Well, frankly speaking, everything violates encapsulation. :) It's a kind of a tender principle that must be treated well.

So, what violates encapsulation?

Inheritance does.

"Because inheritance exposes a subclass to details of its parent's implementation, it's often said that 'inheritance breaks encapsulation'". (Gang of Four 1995:19)

Aspect-oriented programming does. For example, you register onMethodCall() callback and that gives you a great opportunity to inject code to the normal method evaluation, adding strange side-effects etc.

Friend declaration in C++ does.

Class extention in Ruby does. Just redefine a string method somewhere after a string class was fully defined.

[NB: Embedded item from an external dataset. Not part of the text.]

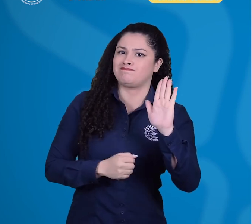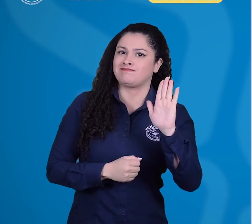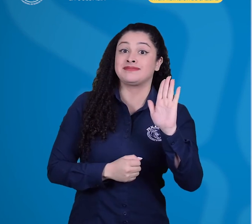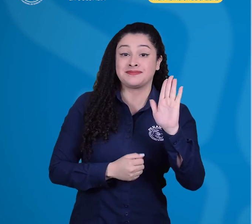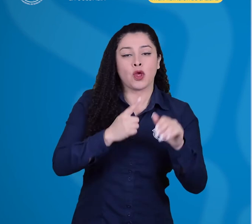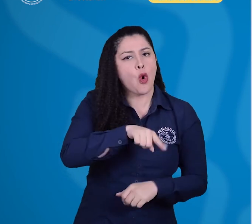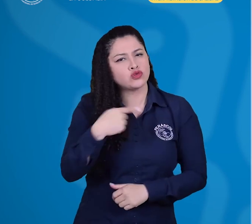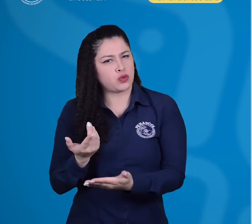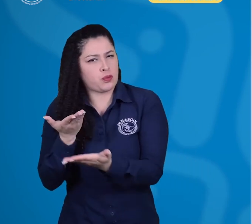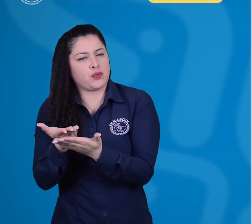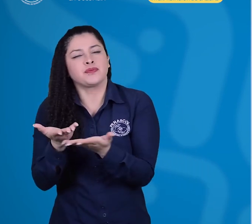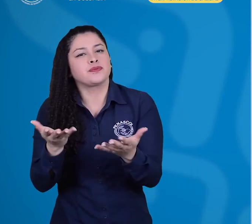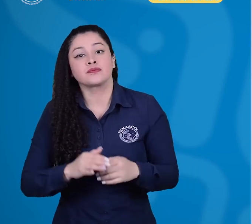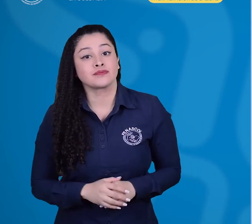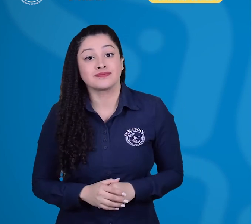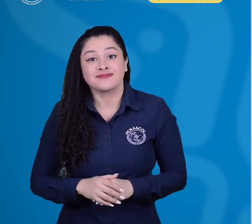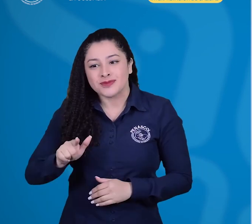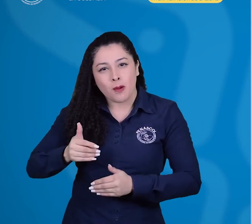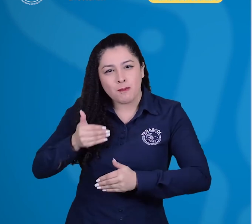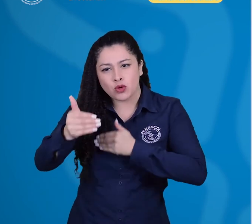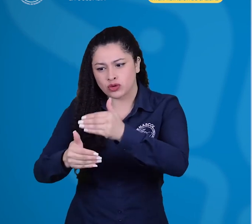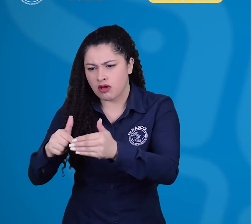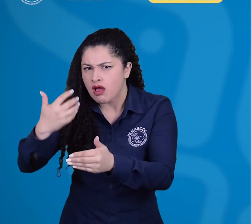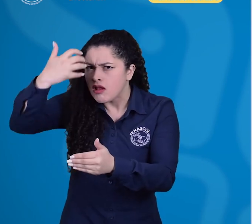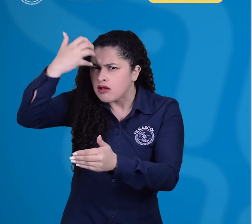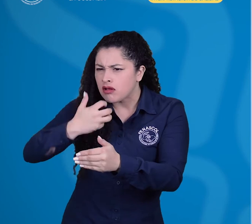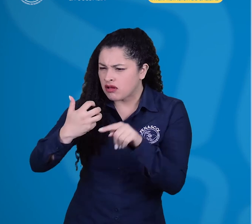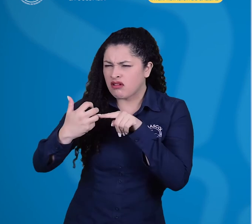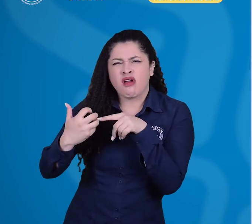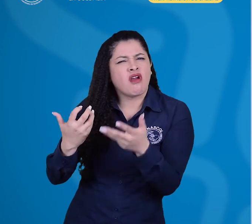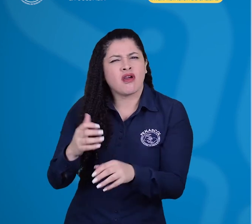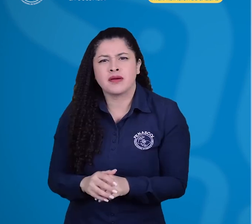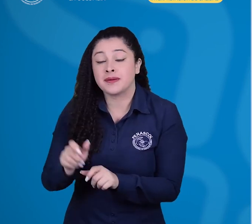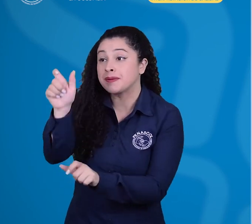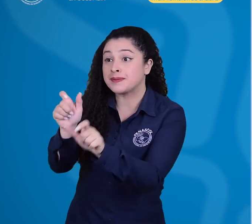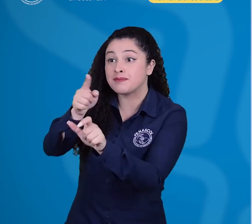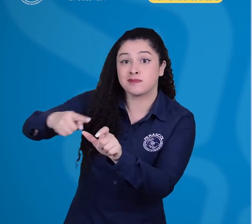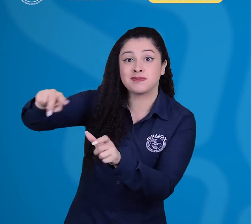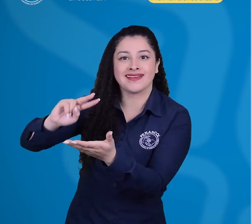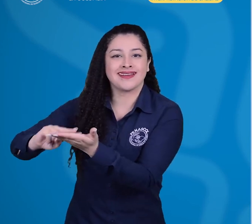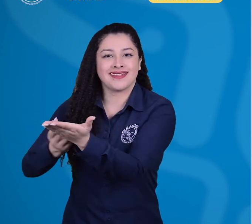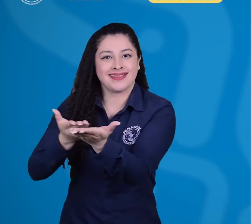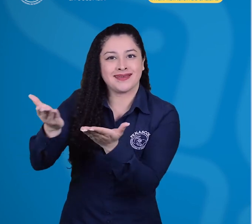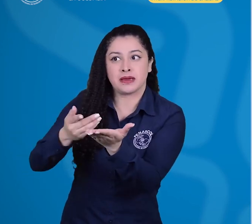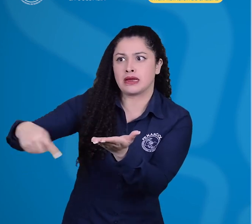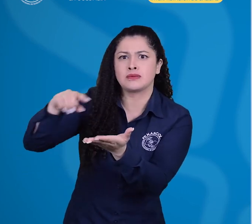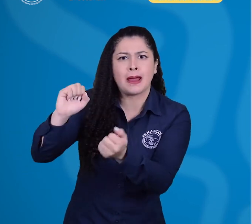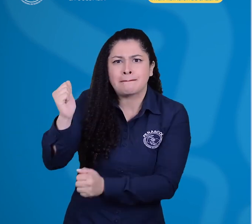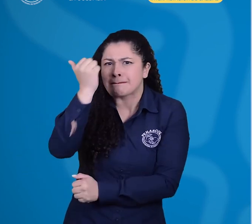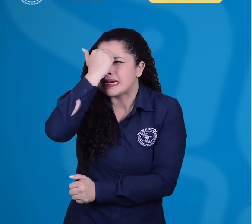Asimismo, se propone que se creen procesos de evaluación orientados a conocer cómo

Well, a lot of stuff does.

Encapsulation is a good and important principle. But not the only one.

switch (principle)
{
      case encapsulation:
           if (there_is_a_reason)
      break!
}

Yes, DI violates encapsulation (also known as "information hiding").

But the real problem comes when developers use it as an excuse to violate the KISS (Keep It Short and Simple) and YAGNI (You Ain't Gonna Need It) principles.

Personally, I prefer simple and effective solutions. I mostly use the "new" operator to instantiate stateful dependencies whenever and wherever they are needed. It is simple, well encapsulated, easy to understand, and easy to test. So, why not?